• Source records:
· · ·
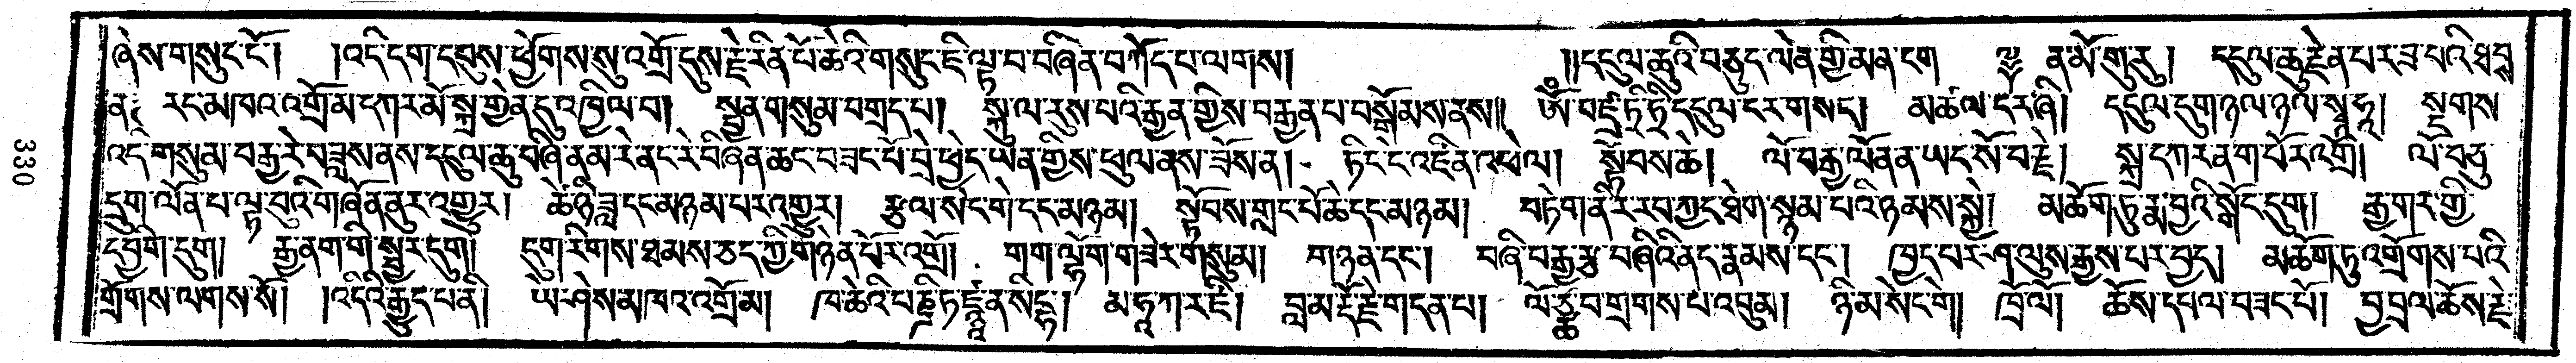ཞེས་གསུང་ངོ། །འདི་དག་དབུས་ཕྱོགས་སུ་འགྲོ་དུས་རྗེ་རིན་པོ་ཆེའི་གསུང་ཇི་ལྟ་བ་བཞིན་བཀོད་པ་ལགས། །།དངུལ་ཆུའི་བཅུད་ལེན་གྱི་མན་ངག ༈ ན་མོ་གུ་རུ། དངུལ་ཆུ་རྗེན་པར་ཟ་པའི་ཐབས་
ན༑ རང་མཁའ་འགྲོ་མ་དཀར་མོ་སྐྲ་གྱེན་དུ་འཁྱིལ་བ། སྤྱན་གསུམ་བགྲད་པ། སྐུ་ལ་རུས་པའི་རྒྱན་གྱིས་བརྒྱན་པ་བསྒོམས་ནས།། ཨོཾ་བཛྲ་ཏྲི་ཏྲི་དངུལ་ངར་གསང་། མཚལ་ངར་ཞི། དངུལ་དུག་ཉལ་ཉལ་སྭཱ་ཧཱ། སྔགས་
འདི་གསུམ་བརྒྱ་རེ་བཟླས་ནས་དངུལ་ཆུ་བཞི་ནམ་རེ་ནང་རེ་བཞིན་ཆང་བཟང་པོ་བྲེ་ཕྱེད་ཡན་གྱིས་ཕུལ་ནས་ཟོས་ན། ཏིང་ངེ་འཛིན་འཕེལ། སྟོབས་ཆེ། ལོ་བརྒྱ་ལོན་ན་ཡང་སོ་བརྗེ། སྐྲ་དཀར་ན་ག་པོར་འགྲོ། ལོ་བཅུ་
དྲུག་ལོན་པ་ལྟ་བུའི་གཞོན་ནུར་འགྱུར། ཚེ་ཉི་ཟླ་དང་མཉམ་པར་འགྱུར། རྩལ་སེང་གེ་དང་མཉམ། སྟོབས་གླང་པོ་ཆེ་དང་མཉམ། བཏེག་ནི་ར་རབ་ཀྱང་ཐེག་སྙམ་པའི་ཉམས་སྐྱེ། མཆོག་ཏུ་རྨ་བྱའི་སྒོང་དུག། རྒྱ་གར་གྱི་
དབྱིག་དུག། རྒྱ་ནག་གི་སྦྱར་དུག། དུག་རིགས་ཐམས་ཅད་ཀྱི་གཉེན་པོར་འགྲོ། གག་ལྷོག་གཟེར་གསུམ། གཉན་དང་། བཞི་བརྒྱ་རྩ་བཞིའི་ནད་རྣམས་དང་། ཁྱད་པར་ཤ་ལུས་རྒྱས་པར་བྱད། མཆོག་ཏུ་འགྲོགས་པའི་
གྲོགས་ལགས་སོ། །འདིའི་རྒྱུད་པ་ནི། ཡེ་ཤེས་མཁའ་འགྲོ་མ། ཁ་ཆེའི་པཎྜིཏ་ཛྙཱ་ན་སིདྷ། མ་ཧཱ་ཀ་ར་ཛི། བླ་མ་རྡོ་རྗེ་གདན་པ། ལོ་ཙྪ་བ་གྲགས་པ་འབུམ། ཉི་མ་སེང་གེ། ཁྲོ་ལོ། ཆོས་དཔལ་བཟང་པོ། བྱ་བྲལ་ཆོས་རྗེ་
· · ·
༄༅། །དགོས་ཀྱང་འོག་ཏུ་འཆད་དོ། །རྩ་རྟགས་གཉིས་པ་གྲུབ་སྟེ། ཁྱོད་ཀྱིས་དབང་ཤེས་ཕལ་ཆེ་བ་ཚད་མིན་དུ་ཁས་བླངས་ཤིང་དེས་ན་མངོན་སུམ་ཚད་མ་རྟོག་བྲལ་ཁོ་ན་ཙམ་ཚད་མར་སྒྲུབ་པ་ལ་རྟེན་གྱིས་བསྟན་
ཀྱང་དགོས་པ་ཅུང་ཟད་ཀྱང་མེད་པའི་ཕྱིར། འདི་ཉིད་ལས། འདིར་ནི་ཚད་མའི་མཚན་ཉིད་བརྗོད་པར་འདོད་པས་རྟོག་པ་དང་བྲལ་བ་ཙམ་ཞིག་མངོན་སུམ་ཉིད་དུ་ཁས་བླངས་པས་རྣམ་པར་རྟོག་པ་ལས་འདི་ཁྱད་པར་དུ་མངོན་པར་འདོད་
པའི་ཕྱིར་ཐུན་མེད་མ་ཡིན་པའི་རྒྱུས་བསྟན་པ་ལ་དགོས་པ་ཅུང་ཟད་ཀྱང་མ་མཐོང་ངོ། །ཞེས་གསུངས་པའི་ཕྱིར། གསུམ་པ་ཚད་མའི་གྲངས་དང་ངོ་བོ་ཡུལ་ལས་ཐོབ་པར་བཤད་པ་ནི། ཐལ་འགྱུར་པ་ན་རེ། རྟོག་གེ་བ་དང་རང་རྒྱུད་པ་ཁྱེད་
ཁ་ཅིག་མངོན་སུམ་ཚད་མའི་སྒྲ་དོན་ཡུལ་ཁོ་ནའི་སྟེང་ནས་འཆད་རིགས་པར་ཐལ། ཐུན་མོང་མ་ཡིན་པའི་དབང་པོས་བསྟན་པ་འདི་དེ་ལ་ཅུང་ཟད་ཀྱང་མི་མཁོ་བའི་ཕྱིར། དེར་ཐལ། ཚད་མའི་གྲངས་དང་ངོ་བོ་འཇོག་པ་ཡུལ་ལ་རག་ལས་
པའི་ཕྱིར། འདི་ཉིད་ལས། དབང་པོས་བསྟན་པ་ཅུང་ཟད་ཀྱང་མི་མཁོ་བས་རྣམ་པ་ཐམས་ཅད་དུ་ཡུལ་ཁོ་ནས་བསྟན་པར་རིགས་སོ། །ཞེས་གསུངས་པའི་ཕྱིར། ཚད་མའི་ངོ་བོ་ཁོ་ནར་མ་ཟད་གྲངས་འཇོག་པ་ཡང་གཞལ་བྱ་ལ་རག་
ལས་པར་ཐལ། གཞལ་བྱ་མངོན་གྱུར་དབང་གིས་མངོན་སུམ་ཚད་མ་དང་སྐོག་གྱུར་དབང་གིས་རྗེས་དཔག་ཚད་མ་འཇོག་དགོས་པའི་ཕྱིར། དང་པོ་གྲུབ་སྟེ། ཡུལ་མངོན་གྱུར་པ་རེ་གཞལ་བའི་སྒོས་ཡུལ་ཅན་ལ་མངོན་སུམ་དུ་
· · ·
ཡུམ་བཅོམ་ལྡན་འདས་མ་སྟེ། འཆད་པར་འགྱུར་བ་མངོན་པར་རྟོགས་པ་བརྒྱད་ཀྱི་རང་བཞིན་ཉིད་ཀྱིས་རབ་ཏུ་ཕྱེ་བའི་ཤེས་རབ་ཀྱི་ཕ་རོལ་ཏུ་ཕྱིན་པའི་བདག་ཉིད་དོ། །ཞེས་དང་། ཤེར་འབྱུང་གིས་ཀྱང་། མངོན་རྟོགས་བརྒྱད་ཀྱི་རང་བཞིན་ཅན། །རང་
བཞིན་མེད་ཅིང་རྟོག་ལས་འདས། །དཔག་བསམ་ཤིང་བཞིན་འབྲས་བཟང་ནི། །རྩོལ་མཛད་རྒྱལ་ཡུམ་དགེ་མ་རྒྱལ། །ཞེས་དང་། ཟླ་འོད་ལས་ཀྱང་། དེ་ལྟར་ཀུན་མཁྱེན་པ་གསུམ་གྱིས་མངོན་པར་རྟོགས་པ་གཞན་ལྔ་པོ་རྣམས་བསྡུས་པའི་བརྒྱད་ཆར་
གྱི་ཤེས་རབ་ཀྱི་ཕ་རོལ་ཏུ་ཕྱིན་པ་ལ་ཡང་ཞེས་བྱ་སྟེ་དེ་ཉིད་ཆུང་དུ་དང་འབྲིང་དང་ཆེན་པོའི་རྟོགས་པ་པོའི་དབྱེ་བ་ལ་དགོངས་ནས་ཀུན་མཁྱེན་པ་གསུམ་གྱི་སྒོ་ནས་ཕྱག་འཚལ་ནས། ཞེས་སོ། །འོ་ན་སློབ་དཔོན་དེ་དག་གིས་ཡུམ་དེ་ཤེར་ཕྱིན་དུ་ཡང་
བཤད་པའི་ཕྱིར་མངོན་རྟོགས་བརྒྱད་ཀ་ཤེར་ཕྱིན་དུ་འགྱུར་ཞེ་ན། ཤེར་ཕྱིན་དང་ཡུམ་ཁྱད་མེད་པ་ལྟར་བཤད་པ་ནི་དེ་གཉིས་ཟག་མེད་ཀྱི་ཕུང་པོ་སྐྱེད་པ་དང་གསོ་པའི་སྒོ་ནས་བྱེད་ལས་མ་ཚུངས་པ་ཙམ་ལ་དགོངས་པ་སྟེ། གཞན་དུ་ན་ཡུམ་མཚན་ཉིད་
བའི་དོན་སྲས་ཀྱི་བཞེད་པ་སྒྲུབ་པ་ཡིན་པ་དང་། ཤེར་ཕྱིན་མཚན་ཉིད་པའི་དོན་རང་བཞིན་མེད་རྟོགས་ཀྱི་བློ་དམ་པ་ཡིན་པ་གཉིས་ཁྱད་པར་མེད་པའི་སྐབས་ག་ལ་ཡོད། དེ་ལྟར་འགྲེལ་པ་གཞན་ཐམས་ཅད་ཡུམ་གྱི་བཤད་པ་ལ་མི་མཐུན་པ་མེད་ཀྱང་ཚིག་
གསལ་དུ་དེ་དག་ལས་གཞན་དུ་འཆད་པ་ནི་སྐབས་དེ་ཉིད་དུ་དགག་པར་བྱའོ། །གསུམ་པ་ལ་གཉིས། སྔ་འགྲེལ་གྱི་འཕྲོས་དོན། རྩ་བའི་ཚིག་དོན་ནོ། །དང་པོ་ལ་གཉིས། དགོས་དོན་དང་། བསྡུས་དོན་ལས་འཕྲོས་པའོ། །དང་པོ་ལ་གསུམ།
· · ·
• Your task: Give again exactly, and only, the lines above starting at the one with "ལོ་བརྒྱ་ལོན་ན་ཡང་སོ་བརྗེ། སྐྲ་དཀར་ན་ག་པོར་འགྲོ། ལོ་བཅུ་" and ending at the one with "གྲོགས་ལགས་སོ། །འདིའི་རྒྱུད་པ་ནི། ཡེ་ཤེས་མཁའ་འགྲོ་མ།".

• Output of the exercise:
འདི་གསུམ་བརྒྱ་རེ་བཟླས་ནས་དངུལ་ཆུ་བཞི་ནམ་རེ་ནང་རེ་བཞིན་ཆང་བཟང་པོ་བྲེ་ཕྱེད་ཡན་གྱིས་ཕུལ་ནས་ཟོས་ན། ཏིང་ངེ་འཛིན་འཕེལ། སྟོབས་ཆེ། ལོ་བརྒྱ་ལོན་ན་ཡང་སོ་བརྗེ། སྐྲ་དཀར་ན་ག་པོར་འགྲོ། ལོ་བཅུ་
དྲུག་ལོན་པ་ལྟ་བུའི་གཞོན་ནུར་འགྱུར། ཚེ་ཉི་ཟླ་དང་མཉམ་པར་འགྱུར། རྩལ་སེང་གེ་དང་མཉམ། སྟོབས་གླང་པོ་ཆེ་དང་མཉམ། བཏེག་ནི་ར་རབ་ཀྱང་ཐེག་སྙམ་པའི་ཉམས་སྐྱེ། མཆོག་ཏུ་རྨ་བྱའི་སྒོང་དུག། རྒྱ་གར་གྱི་
དབྱིག་དུག། རྒྱ་ནག་གི་སྦྱར་དུག། དུག་རིགས་ཐམས་ཅད་ཀྱི་གཉེན་པོར་འགྲོ། གག་ལྷོག་གཟེར་གསུམ། གཉན་དང་། བཞི་བརྒྱ་རྩ་བཞིའི་ནད་རྣམས་དང་། ཁྱད་པར་ཤ་ལུས་རྒྱས་པར་བྱད། མཆོག་ཏུ་འགྲོགས་པའི་
གྲོགས་ལགས་སོ། །འདིའི་རྒྱུད་པ་ནི། ཡེ་ཤེས་མཁའ་འགྲོ་མ། ཁ་ཆེའི་པཎྜིཏ་ཛྙཱ་ན་སིདྷ། མ་ཧཱ་ཀ་ར་ཛི། བླ་མ་རྡོ་རྗེ་གདན་པ། ལོ་ཙྪ་བ་གྲགས་པ་འབུམ། ཉི་མ་སེང་གེ། ཁྲོ་ལོ། ཆོས་དཔལ་བཟང་པོ། བྱ་བྲལ་ཆོས་རྗེ་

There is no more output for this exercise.